Tatsächlich wurde Kießling zum Helden - das war spätestens klar, als er den Ball in der 65. Minute zum 3:0 in den Winkel des Tores köpfte. Kießling ballte ein zweites Mal die Faust - und sorgte für eine Atmosphäre, wie es sie in der Arena lange nicht mehr gab. Die Hauptrolle spielte der Stürmer selbst - so wie früher, als niemand ernsthaft an seinen Fähigkeiten als Fußballer zweifelte. Er war der Anführer seiner Mannschaft, ein nicht müde werdender Balleroberer, Vorbereiter und Torschütze. Das 1:0 und 3:0 erzielte er selbst, zum 2:0 lieferte er eine sehenswerte Vorlage mit der Hacke, und auch das 4:0 hätte es ohne ihn nicht gegeben.
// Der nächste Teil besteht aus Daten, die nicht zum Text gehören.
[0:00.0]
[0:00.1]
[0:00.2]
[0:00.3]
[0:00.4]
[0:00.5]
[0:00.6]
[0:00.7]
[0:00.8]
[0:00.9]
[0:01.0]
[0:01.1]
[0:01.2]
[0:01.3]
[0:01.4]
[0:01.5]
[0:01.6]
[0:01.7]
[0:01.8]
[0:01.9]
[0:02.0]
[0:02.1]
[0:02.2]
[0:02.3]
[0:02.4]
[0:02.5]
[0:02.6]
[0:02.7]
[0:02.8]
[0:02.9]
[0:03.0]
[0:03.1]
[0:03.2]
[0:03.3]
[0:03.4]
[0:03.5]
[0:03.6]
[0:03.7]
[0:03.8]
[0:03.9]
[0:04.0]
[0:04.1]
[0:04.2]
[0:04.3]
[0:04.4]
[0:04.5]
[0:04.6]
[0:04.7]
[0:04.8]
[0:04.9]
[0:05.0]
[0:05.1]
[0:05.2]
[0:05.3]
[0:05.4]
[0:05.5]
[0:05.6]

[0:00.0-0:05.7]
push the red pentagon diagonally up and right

Trotzdem konnte sich Kießling nicht wirklich freuen. Wer die Szenerie deuten wollte, sah einen nachdenklichen Stürmer, der um Verständnis bat, nicht mehr sagen zu wollen als: "Meine Gefühle sind total schwer zu beschreiben."
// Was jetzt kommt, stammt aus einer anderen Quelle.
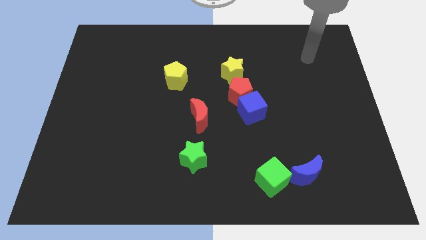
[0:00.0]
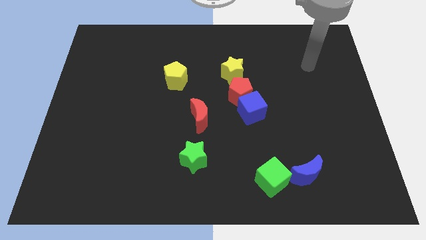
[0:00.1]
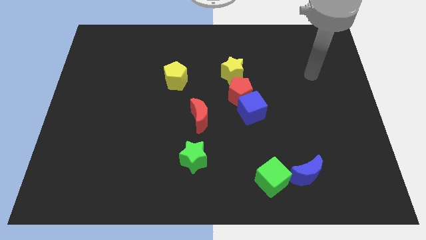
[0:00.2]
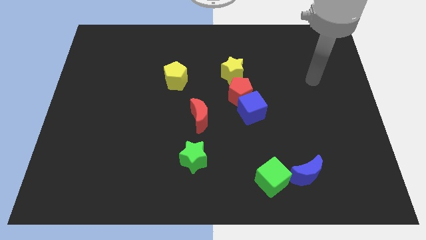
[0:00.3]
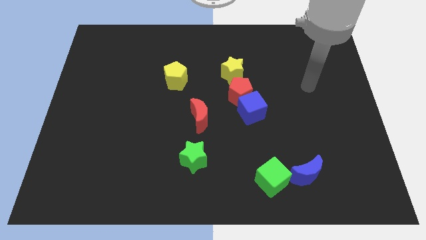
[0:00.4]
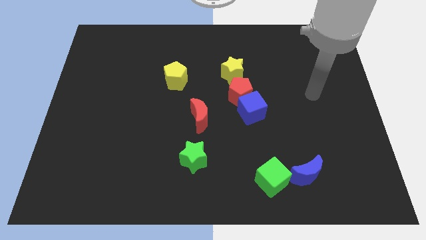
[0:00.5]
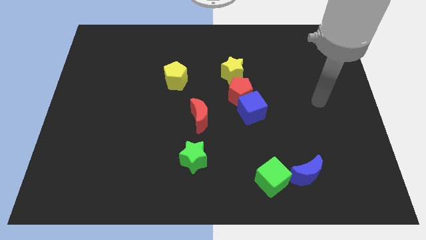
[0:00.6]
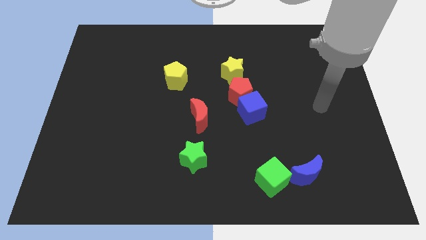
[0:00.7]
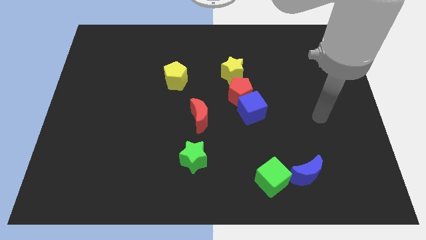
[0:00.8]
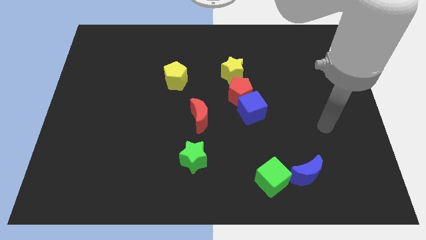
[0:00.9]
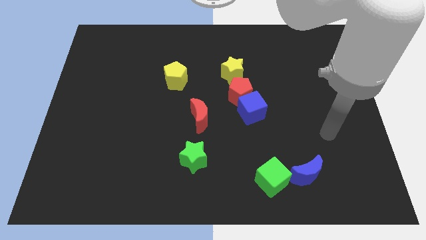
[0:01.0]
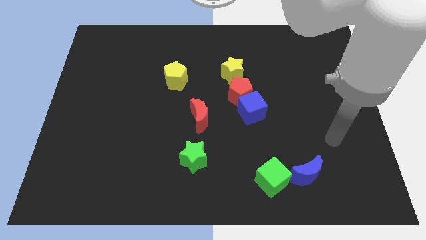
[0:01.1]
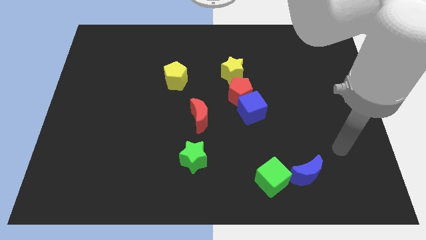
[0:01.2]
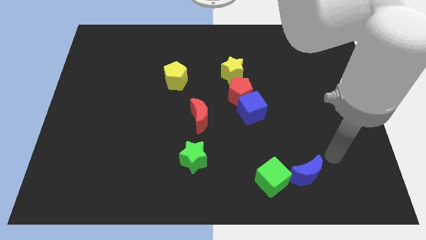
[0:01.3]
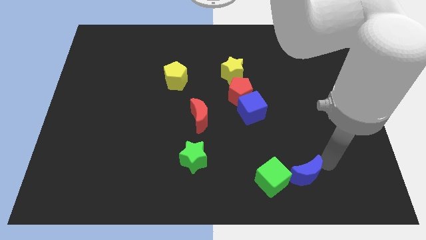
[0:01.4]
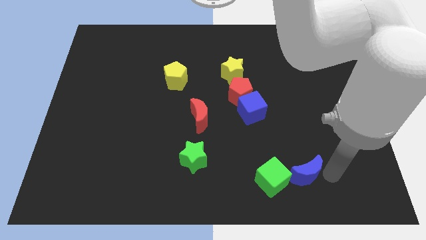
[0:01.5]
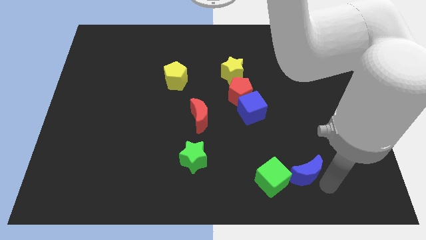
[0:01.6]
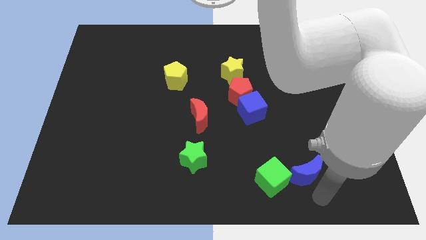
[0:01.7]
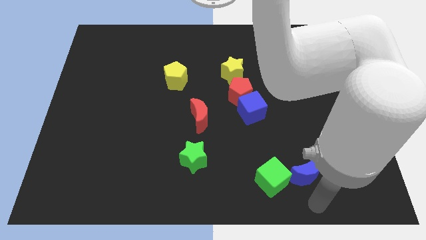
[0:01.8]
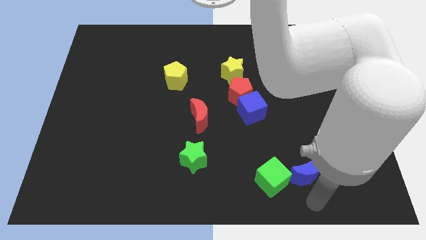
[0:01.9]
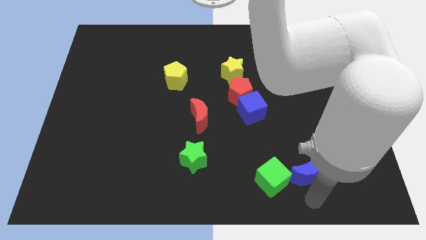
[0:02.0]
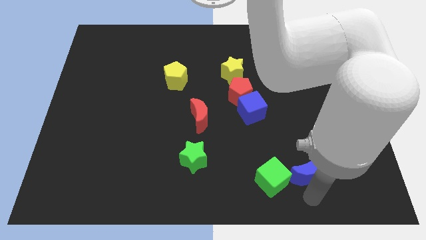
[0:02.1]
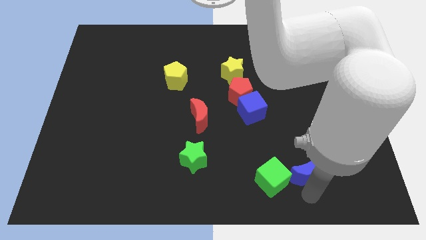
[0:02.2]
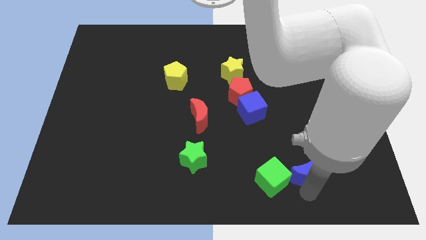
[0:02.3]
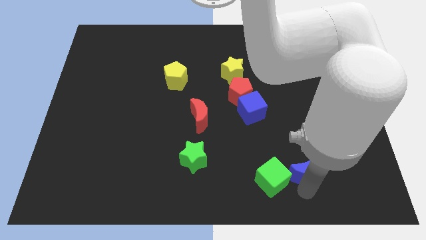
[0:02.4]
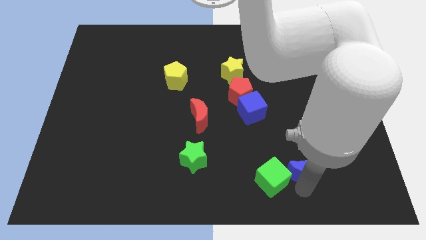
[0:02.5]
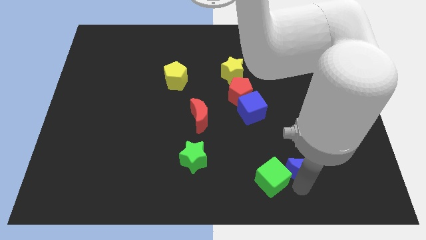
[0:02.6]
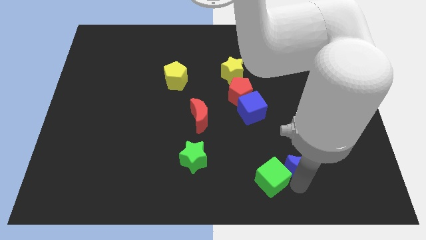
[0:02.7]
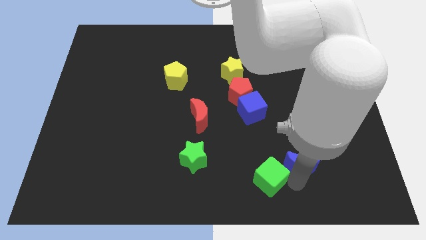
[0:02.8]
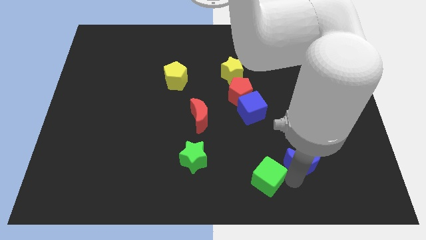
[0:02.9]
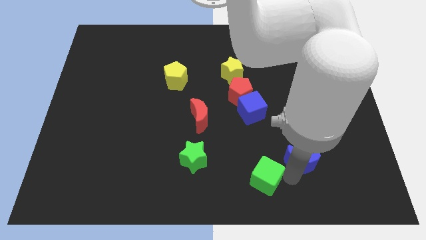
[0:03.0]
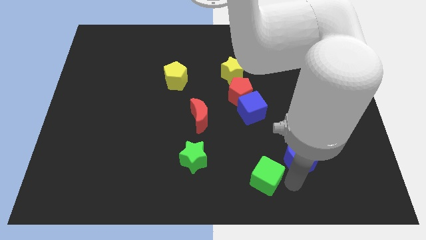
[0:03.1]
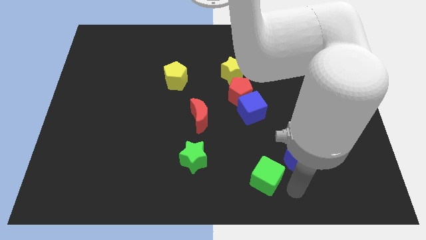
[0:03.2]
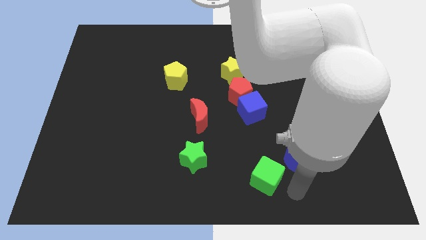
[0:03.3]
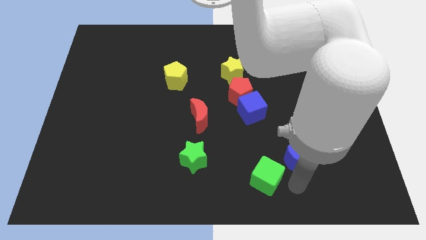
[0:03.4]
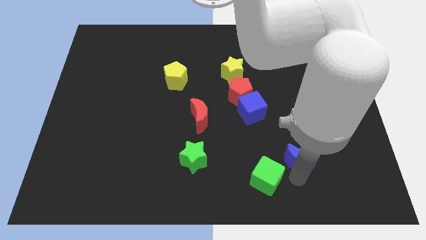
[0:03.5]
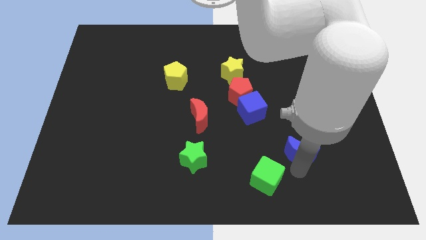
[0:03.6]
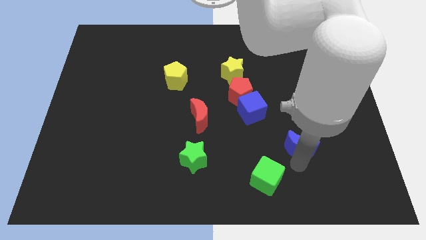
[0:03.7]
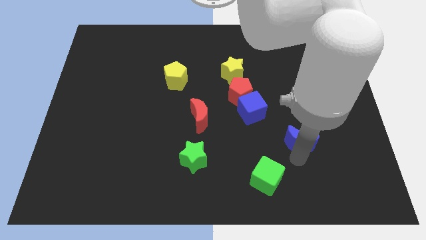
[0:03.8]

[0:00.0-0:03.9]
slightly push the blue moon up

Als die Fans mitbekamen, dass der 31-Jährige, der mit 138 Bundesliga-Toren in 392 Pflichtspielen nun Uwe Seeler überholte, noch lange im Stadion stand, kehrten viele noch einmal zurück. Einige riefen: "Stefan, du darfst nicht gehen." Die eigenen Anhänger hatten offenbar ein gutes Gespür dafür, dass sie den Publikumsliebling vielleicht zum letzten Mal zu Hause im Bayer-Dress sahen. "Kies" (Vertrag bis 2017) signalisierte zumindest, dass er über Abschied nachdenkt. Seine Feier mit den Fans: womöglich der Beginn eines Trennungsprozesses, der in einem der nächsten Transferfenster vollzogen werden könnte, wenn Bayer ihm nicht etwas mehr Wertschätzung entgegenbringt. "Nur weil ich ein gutes Spiel gemacht habe, ist das trotzdem eine harte Zeit für mich", sagte er. "Ich liebe diesen Verein. Aber ich will spielen. Am Ende meiner Karriere muss ich auch an mich denken."
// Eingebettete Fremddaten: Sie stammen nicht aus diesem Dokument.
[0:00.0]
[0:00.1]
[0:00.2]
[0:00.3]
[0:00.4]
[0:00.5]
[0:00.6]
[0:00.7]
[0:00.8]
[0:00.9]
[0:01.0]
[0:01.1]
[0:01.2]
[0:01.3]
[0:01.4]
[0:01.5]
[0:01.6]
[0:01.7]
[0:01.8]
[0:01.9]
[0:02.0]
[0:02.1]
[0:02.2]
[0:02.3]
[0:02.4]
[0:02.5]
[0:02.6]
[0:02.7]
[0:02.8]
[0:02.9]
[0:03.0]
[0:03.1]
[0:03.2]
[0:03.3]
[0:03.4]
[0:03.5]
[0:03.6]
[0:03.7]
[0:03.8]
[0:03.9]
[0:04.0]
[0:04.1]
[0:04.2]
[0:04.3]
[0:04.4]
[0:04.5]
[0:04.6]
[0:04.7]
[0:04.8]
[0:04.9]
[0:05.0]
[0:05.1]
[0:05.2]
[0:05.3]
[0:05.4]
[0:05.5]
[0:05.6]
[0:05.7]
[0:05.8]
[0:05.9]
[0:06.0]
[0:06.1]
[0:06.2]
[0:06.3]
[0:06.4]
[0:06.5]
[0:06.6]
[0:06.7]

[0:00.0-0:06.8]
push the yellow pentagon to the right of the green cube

Der Stachel sitzt tief beim Stürmer, der in Berlin erstmals 90 Minuten auf der Bank saß, seit er vor zehn Jahren nach Leverkusen kam. Was ihn auszeichnet: Er trägt mit Stolz das Trikot von Bayer 04. Die Fans bewundern und schätzen ihn, nicht nur, weil er seit fast einem Jahrzehnt seine Knochen hinhält, sondern stets Teamplayer war, kurzum: ein Gesicht von Bayer Leverkusen. Zuletzt war er aber meist nur Ersatzspieler. Wenn er mal spielte, blieb er wirkungslos, was schnell erklärt ist bei einem, der Vertrauen spüren muss. Gegen Gladbach aber zeigte er, dass es sehr wohl noch mit ihm geht. Und vor allem mit Chicharito als Duo, an das Roger Schmidt nicht so recht glaubte. Der baute zwar zurecht auf den Mexikaner, der es mit seinen inzwischen 17 Pflichtspieltoren in 20 Partien auf eine außergewöhnliche Quote bringt, ließ dabei aber Kießling zunehmend außen vor. Er traute ihm offenbar nicht zu, in seinem offensiven System weiter mithalten zu können. Ob der Trainer seine Haltung ändert? Zumindest lobte er ihn und bezeichnete die Wechsel-Entscheidung als "völlig offen". "Stefan ist ein super wichtiger Spieler, auf den wir normalerweise nicht verzichten können."

Anfragen aus der Bundesliga liegen vor (u. a. Hannover). "Dass er die bekommt, ist nun mal so, wenn man Stefan Kießling heißt", sagte Rudi Völler. "Wir werden Stefan nicht abgeben", erklärte Geschäftsführer Michael Schade.